War er ihnen da etwas nachdenklicher oder sorgenvoller erschienen? Vielleicht; doch einen so verschlossenen Mann fragt man ja nicht gern nach der Ursache seiner Sorgen. Gewiß war nur das eine, daß er am nächsten Morgen in früher Stunde Ilka mit wenigen Zeilen von seiner Abreise Mitteilung gemacht hatte. Dann war er fortgegangen, ohne das Ziel seiner Reise anzugeben. Der Doktor Hamine hatte Ilka also sehr beunruhigt verlassen, in einer Unruhe, die er auch selbst teilte.

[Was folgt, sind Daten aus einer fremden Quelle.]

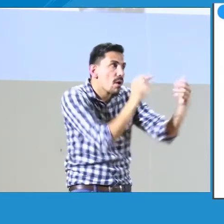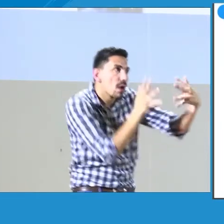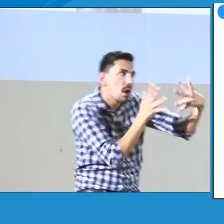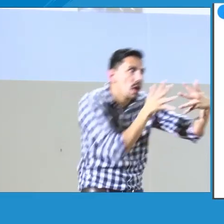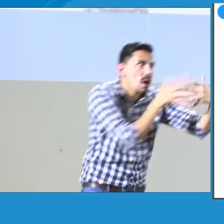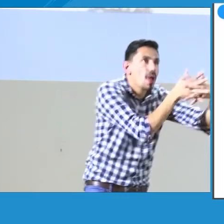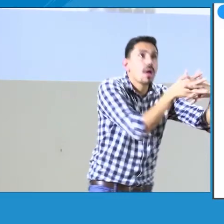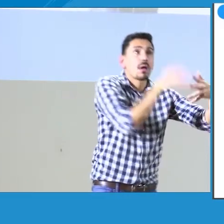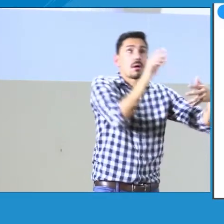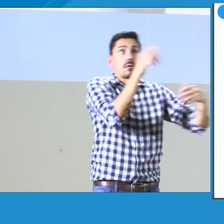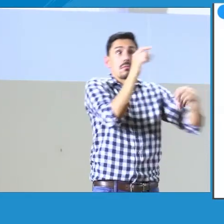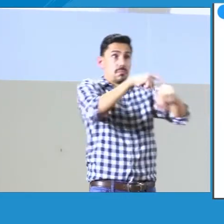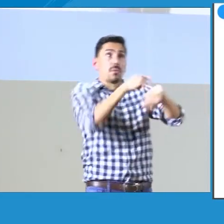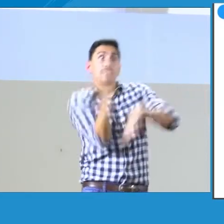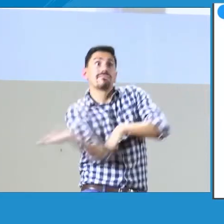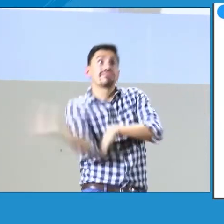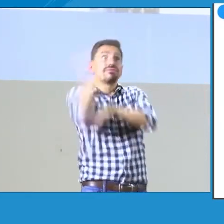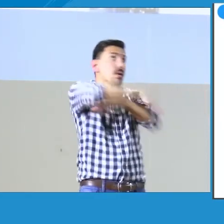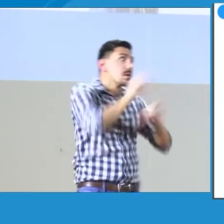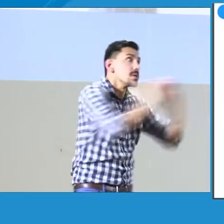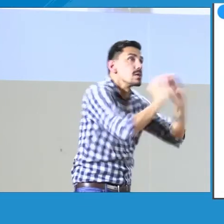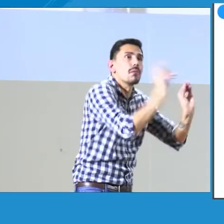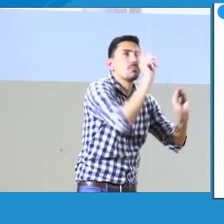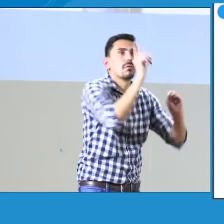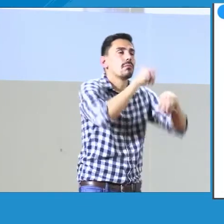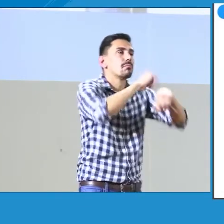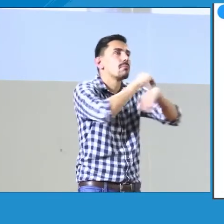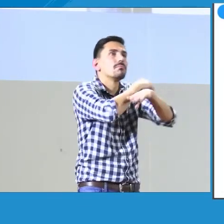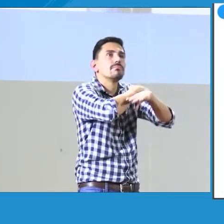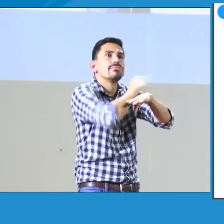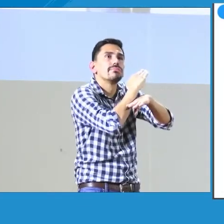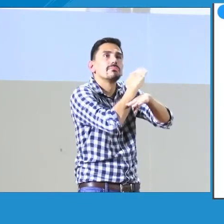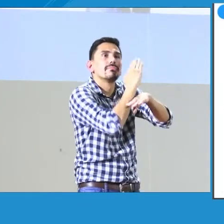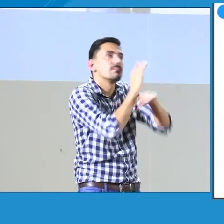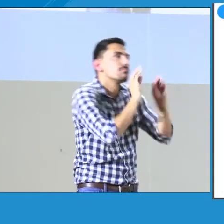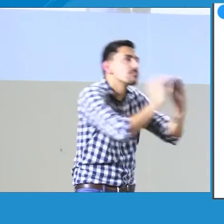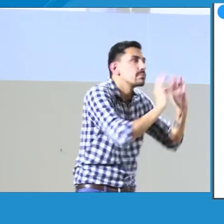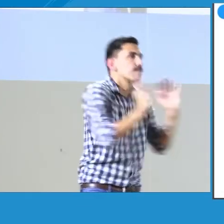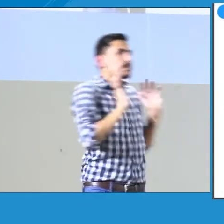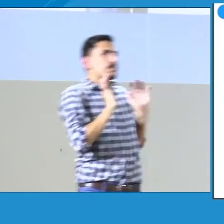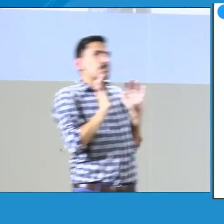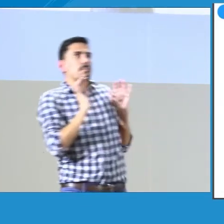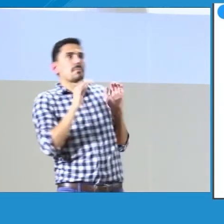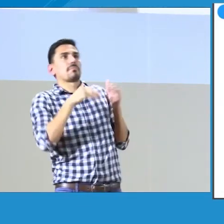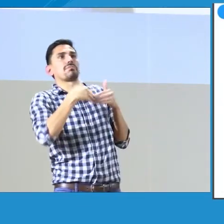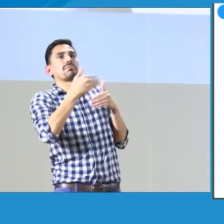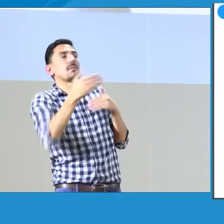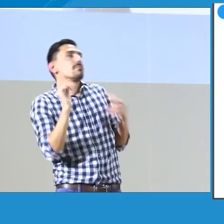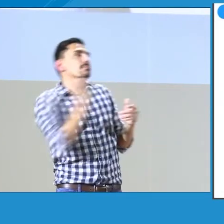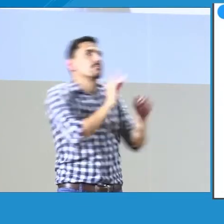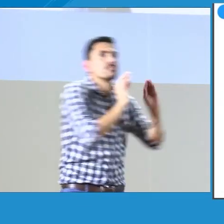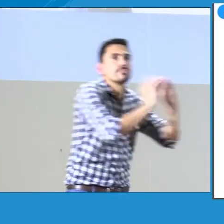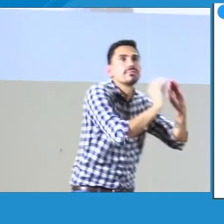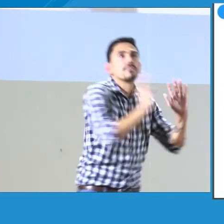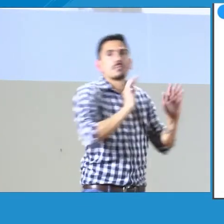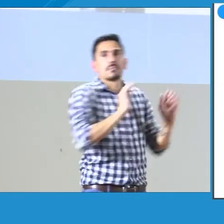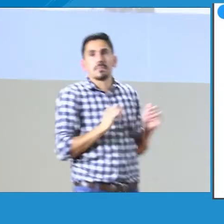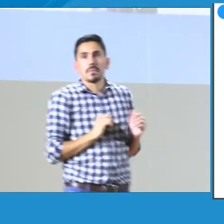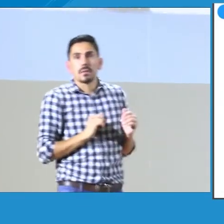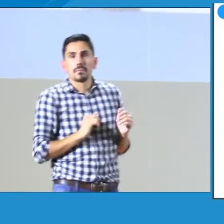Entonces, allí se hacen unos ajustes razonables, donde no es que todo el día, pues, esté acompañado de las

Der Landauer rollte in schneller Fahrt dahin. Ein vorausgeschickter Berittener sorgte an den Wechselstellen dafür, daß das neue Gespann stets sofort zur Hand war. So ging keine Minute verloren, und hätte der Wagen Riga[91] heute drei Stunden früher verlassen, so hätte die Untersuchung des Falles noch an demselben Tage beginnen können.

Die Luft war trocken und etwas kalt. Der Sturm des vorigen Tages war zu einer leichten nordöstlichen Brise abgeflaut. Nur die Landstraße, die unter dem Unwetter arg gelitten hatte, zwang die Pferde zu besonderer Anstrengung.

In der Mitte des Weges wurde den Reisenden eine halbe Stunde zur Einnahme einer Mahlzeit zugestanden. Sie begaben sich dazu in das mehr als bescheidene Gasthaus des betreffenden Dorfes und fuhren dann sogleich weiter.

Ihren Gedanken nachhängend, verhielten sich alle still. Bis auf wenige, dann und wann zwischen Frank Johausen und dem Major Verder gewechselte Worte herrschte im Wagen tiefes Schweigen. So schnell die Fahrt auf der Straße auch dahinging, meinte man doch, daß die Postillone sich zu viel Zeit nähmen. Der ungeduldigste der Reisegesellschaft, der Major Verder, trieb sie zuweilen zur Eile an, sparte wohl auch einen Fluch nicht und verstieg sich sogar zu Drohungen, wenn der Wagen bei stärkerem Aufstieg oder Fall der Straße langsamer vorwärts kam.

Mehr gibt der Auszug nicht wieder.